**What the exercise asks**
Write the records below out again word for word, with the pictures removed.

[Records contained in a dataset]
------------------------------------
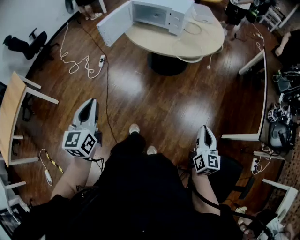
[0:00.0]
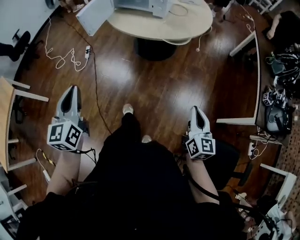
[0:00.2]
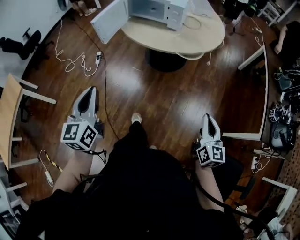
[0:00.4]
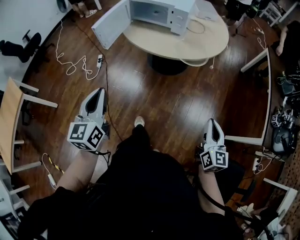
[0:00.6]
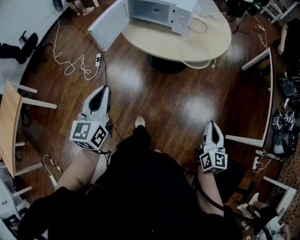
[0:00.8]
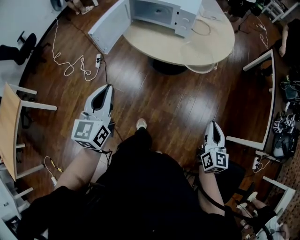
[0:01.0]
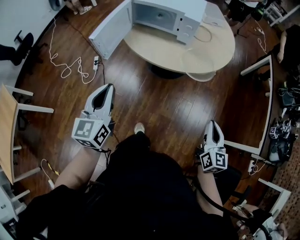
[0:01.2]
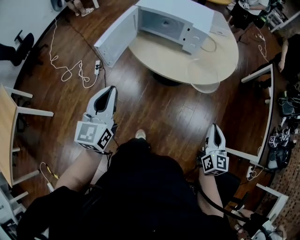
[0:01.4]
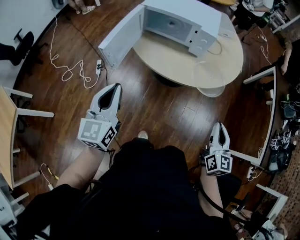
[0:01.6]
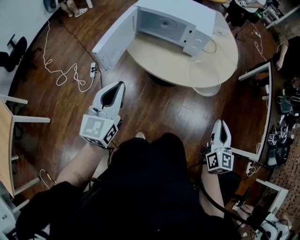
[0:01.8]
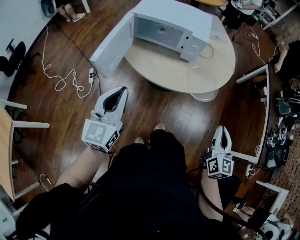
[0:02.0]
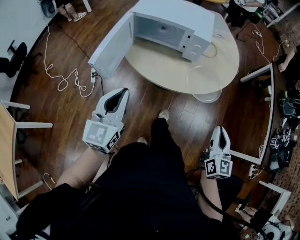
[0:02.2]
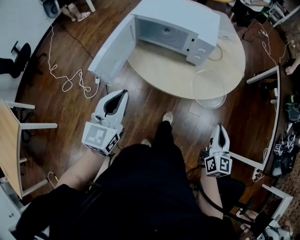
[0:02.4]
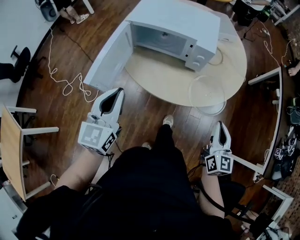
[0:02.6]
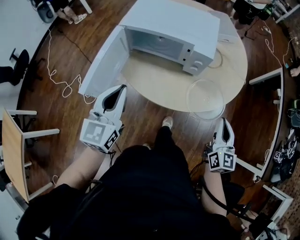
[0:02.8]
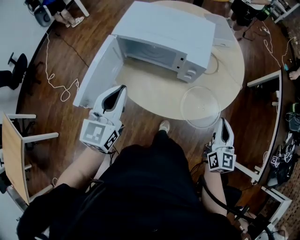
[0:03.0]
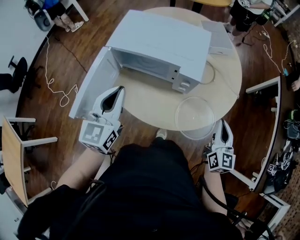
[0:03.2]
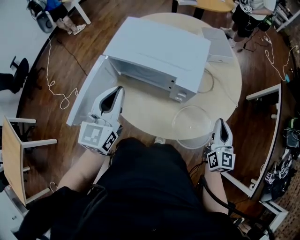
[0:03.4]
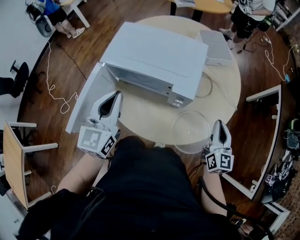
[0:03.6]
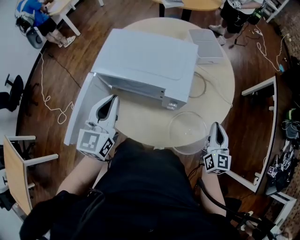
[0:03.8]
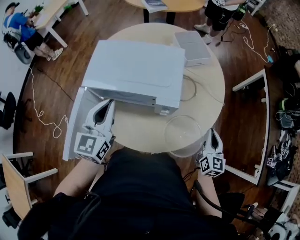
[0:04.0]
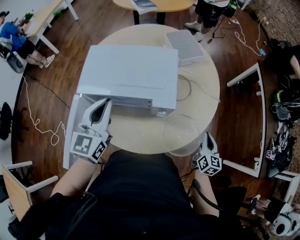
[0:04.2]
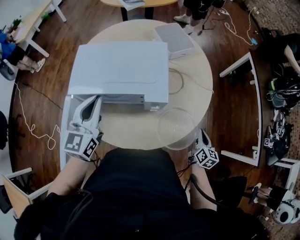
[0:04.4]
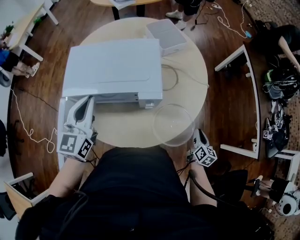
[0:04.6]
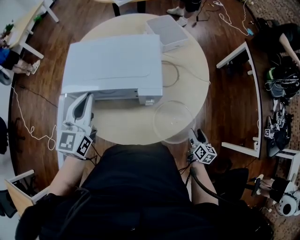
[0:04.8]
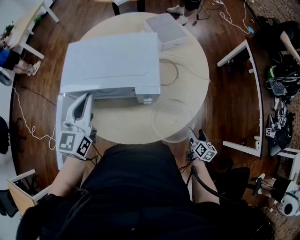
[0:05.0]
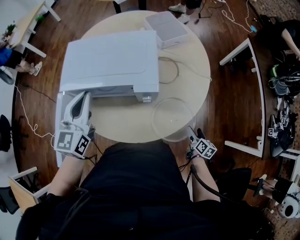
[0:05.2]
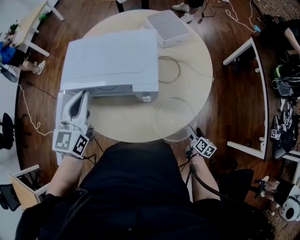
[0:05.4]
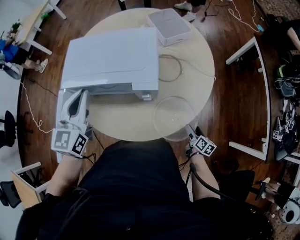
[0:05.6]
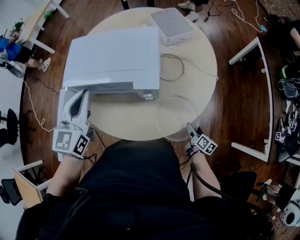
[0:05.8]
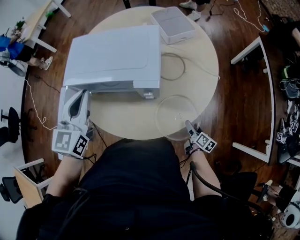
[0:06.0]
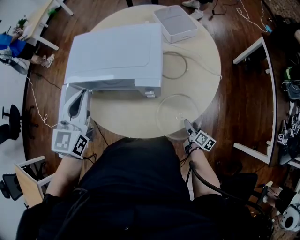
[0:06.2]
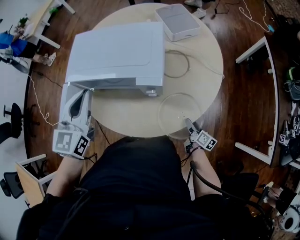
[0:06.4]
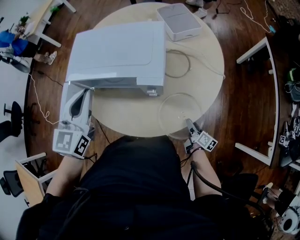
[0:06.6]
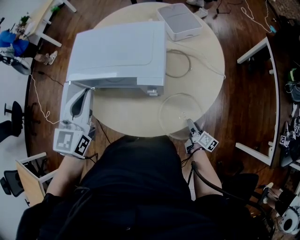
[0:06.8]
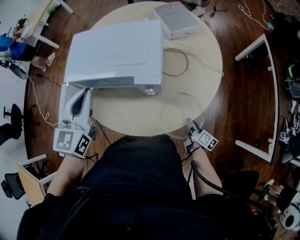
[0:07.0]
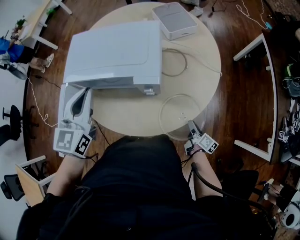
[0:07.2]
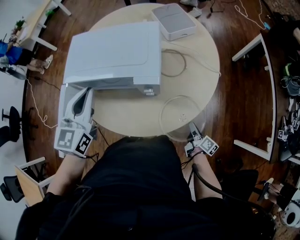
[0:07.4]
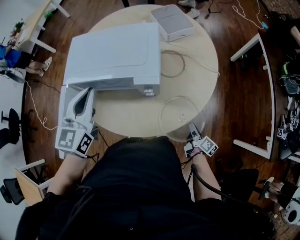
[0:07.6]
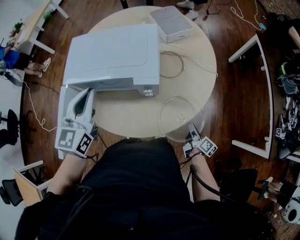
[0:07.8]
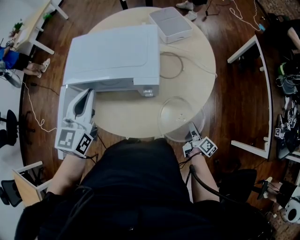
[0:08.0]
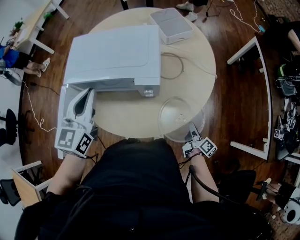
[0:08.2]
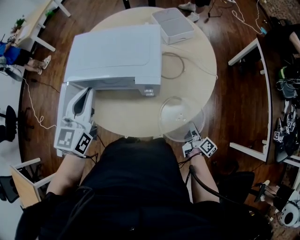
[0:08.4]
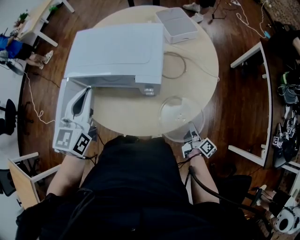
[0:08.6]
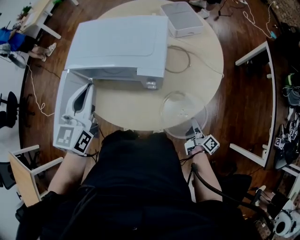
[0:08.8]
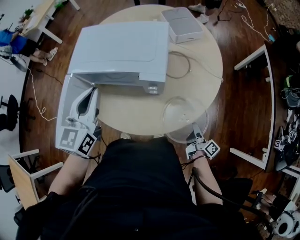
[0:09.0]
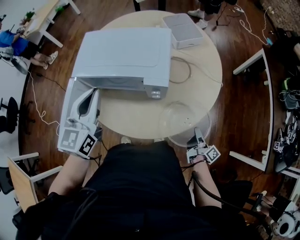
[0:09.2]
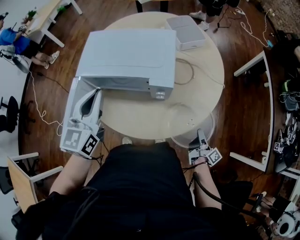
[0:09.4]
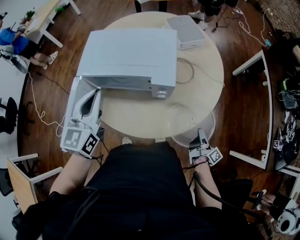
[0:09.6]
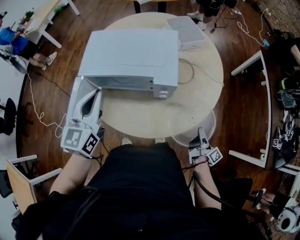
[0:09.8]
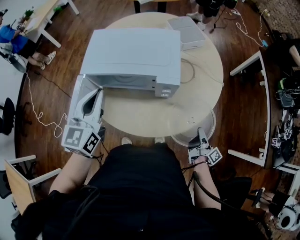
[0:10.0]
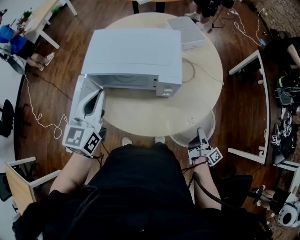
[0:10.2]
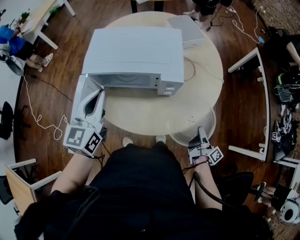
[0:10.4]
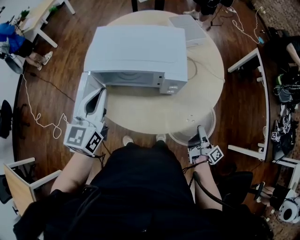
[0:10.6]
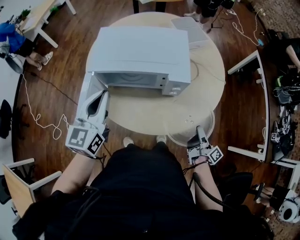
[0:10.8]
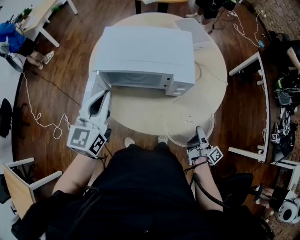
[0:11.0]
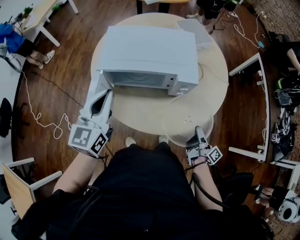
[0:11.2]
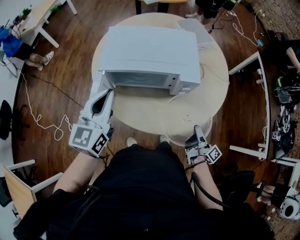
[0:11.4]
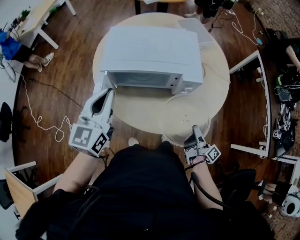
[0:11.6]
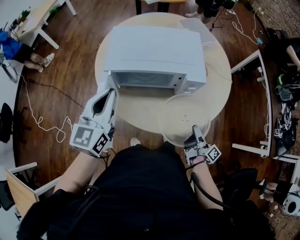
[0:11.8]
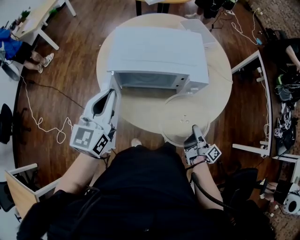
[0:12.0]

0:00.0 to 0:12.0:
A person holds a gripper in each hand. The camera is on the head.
0:00.0 to 0:01.6: The right gripper moves forward and to the left, some 30 cm; the left gripper goes about 30 cm forward.
0:01.6 to 0:03.0: The two grippers go approximately 20 cm forward.
0:03.0 to 0:04.4: The right gripper heads downward and to the right, covering some 15 cm, and turns by approximately 30 degrees; the left gripper goes roughly 15 cm forward.
0:04.4 to 0:06.0: The right gripper goes roughly 15 cm downward, turns by approximately 30 degrees, and opens up.
0:06.0 to 0:07.6: The right gripper closes its fingers.
0:07.6 to 0:09.0: There are only small adjustments of the grippers.
0:09.0 to 0:10.4: The left gripper heads to the left, covering some 5 cm. The right gripper heads upward, covering about 5 cm.
0:10.4 to 0:12.0: The right gripper shifts about 15 cm to the left, while the left gripper shifts approximately 5 cm to the left.
------------------------------------
**Exercise response**
[0:00.0]
[0:00.2]
[0:00.4]
[0:00.6]
[0:00.8]
[0:01.0]
[0:01.2]
[0:01.4]
[0:01.6]
[0:01.8]
[0:02.0]
[0:02.2]
[0:02.4]
[0:02.6]
[0:02.8]
[0:03.0]
[0:03.2]
[0:03.4]
[0:03.6]
[0:03.8]
[0:04.0]
[0:04.2]
[0:04.4]
[0:04.6]
[0:04.8]
[0:05.0]
[0:05.2]
[0:05.4]
[0:05.6]
[0:05.8]
[0:06.0]
[0:06.2]
[0:06.4]
[0:06.6]
[0:06.8]
[0:07.0]
[0:07.2]
[0:07.4]
[0:07.6]
[0:07.8]
[0:08.0]
[0:08.2]
[0:08.4]
[0:08.6]
[0:08.8]
[0:09.0]
[0:09.2]
[0:09.4]
[0:09.6]
[0:09.8]
[0:10.0]
[0:10.2]
[0:10.4]
[0:10.6]
[0:10.8]
[0:11.0]
[0:11.2]
[0:11.4]
[0:11.6]
[0:11.8]
[0:12.0]

0:00.0 to 0:12.0:
A person holds a gripper in each hand. The camera is on the head.
0:00.0 to 0:01.6: The right gripper moves forward and to the left, some 30 cm; the left gripper goes about 30 cm forward.
0:01.6 to 0:03.0: The two grippers go approximately 20 cm forward.
0:03.0 to 0:04.4: The right gripper heads downward and to the right, covering some 15 cm, and turns by approximately 30 degrees; the left gripper goes roughly 15 cm forward.
0:04.4 to 0:06.0: The right gripper goes roughly 15 cm downward, turns by approximately 30 degrees, and opens up.
0:06.0 to 0:07.6: The right gripper closes its fingers.
0:07.6 to 0:09.0: There are only small adjustments of the grippers.
0:09.0 to 0:10.4: The left gripper heads to the left, covering some 5 cm. The right gripper heads upward, covering about 5 cm.
0:10.4 to 0:12.0: The right gripper shifts about 15 cm to the left, while the left gripper shifts approximately 5 cm to the left.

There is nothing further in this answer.